▶ _Required action_:
Go line by line through the data below, counting each one that has "Träger", and give the final count only.

(Items from a dataset)
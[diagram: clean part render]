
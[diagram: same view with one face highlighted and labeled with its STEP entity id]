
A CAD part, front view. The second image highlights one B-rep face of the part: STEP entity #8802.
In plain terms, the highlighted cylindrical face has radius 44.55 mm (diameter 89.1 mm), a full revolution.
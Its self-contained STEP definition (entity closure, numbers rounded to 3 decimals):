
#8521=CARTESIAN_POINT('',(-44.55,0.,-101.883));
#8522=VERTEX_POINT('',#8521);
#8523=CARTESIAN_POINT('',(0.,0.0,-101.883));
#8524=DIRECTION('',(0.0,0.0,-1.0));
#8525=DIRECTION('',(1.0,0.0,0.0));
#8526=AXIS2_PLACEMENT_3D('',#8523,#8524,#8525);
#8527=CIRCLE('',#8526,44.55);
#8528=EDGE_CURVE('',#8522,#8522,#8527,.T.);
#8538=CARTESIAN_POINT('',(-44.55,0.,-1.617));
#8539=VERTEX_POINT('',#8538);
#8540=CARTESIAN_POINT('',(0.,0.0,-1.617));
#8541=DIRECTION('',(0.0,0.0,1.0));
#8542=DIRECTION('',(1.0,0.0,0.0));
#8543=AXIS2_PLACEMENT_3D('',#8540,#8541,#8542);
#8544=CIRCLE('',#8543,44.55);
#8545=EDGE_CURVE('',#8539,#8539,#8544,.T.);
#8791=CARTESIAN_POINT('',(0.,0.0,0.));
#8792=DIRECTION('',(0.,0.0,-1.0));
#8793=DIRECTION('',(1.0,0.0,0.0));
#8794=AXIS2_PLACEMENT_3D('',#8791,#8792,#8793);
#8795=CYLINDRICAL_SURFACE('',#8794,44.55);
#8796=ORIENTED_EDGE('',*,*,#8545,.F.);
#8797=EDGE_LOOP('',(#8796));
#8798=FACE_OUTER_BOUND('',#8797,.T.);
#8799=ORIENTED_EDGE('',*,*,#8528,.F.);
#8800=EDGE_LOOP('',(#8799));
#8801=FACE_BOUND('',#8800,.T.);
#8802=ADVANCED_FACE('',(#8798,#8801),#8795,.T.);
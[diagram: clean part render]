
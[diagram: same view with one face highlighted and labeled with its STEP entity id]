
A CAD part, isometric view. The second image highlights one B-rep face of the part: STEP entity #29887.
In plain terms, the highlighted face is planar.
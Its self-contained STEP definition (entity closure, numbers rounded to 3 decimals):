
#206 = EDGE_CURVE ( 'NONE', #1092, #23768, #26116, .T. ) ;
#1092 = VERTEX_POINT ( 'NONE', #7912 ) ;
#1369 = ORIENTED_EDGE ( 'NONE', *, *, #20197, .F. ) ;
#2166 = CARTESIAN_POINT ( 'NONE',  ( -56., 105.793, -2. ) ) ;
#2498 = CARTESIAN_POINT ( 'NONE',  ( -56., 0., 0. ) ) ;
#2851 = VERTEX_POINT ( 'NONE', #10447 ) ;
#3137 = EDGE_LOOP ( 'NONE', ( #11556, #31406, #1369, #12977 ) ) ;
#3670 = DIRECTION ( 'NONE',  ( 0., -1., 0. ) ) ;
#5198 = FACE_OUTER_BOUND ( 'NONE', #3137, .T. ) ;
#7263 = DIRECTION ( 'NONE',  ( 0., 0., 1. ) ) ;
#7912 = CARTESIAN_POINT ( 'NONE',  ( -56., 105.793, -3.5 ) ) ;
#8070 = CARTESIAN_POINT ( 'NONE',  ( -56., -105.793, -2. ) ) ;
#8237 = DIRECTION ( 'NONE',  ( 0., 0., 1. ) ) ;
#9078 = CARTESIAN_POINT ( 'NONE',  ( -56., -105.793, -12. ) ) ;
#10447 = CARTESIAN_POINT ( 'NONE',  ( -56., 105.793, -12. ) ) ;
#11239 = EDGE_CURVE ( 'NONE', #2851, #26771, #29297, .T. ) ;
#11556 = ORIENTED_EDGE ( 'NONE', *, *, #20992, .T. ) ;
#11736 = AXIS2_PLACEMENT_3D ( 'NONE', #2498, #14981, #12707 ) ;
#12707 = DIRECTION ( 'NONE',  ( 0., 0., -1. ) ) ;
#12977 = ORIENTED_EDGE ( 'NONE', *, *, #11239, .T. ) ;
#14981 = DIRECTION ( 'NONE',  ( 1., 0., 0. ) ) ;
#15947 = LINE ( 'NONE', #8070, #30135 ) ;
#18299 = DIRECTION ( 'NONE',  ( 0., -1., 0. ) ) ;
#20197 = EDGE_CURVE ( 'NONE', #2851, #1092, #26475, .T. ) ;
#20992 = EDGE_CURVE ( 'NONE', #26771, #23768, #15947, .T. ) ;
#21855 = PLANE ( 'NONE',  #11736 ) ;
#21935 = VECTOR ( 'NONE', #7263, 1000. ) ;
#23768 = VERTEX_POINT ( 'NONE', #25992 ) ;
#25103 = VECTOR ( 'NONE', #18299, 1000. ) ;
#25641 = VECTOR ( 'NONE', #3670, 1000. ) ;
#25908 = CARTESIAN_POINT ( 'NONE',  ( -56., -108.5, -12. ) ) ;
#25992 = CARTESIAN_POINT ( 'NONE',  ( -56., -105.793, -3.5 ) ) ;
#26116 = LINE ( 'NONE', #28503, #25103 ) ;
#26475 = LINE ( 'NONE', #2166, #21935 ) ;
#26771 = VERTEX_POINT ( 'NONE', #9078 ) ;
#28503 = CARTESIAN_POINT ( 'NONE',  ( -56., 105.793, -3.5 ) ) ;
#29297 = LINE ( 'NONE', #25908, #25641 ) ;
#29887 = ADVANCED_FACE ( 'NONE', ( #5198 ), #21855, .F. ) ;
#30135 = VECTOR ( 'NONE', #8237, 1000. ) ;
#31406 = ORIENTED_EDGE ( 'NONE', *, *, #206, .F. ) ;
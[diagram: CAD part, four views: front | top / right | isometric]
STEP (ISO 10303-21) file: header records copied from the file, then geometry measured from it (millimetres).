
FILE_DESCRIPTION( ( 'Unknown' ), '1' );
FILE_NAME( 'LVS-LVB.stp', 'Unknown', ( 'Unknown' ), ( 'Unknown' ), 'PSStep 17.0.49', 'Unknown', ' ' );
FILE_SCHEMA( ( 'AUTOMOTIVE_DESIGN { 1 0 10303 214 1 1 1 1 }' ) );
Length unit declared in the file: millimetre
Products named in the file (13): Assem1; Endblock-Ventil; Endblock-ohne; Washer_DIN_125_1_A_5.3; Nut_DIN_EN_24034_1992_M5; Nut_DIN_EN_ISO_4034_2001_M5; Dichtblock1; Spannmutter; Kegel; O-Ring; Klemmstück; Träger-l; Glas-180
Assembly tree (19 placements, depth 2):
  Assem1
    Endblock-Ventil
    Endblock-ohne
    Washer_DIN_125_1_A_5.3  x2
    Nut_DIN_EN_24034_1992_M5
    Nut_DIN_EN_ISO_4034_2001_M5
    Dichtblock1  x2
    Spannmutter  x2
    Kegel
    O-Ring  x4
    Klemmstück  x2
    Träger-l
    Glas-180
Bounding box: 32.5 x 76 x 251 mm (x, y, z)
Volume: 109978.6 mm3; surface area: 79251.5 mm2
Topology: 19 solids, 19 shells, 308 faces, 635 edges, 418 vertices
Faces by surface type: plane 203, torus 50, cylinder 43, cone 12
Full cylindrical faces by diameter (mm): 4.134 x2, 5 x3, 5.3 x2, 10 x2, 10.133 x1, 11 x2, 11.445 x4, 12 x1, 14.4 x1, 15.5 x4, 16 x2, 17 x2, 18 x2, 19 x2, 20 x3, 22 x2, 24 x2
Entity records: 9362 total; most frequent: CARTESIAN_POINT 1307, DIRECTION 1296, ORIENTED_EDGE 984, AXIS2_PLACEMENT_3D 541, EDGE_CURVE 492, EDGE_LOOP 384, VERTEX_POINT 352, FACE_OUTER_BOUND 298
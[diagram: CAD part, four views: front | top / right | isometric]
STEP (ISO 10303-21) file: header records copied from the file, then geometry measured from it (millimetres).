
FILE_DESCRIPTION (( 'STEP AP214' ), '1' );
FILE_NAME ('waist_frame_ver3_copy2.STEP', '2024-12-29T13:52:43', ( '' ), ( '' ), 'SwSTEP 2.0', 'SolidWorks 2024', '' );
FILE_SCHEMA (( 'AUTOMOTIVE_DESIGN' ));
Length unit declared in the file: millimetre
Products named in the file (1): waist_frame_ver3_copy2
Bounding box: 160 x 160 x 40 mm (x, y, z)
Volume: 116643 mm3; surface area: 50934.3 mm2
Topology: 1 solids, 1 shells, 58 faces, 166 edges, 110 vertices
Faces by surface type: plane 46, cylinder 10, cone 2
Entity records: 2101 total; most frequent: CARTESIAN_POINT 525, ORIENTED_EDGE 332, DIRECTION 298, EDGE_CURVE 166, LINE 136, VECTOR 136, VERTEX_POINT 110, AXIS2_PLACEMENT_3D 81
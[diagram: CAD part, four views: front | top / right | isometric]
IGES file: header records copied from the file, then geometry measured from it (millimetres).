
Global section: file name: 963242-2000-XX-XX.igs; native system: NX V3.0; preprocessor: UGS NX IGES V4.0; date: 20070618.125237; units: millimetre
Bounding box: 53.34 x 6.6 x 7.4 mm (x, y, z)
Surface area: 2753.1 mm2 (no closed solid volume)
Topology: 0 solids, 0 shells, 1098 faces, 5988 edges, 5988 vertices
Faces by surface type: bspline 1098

▶ _Answer to this task_:
2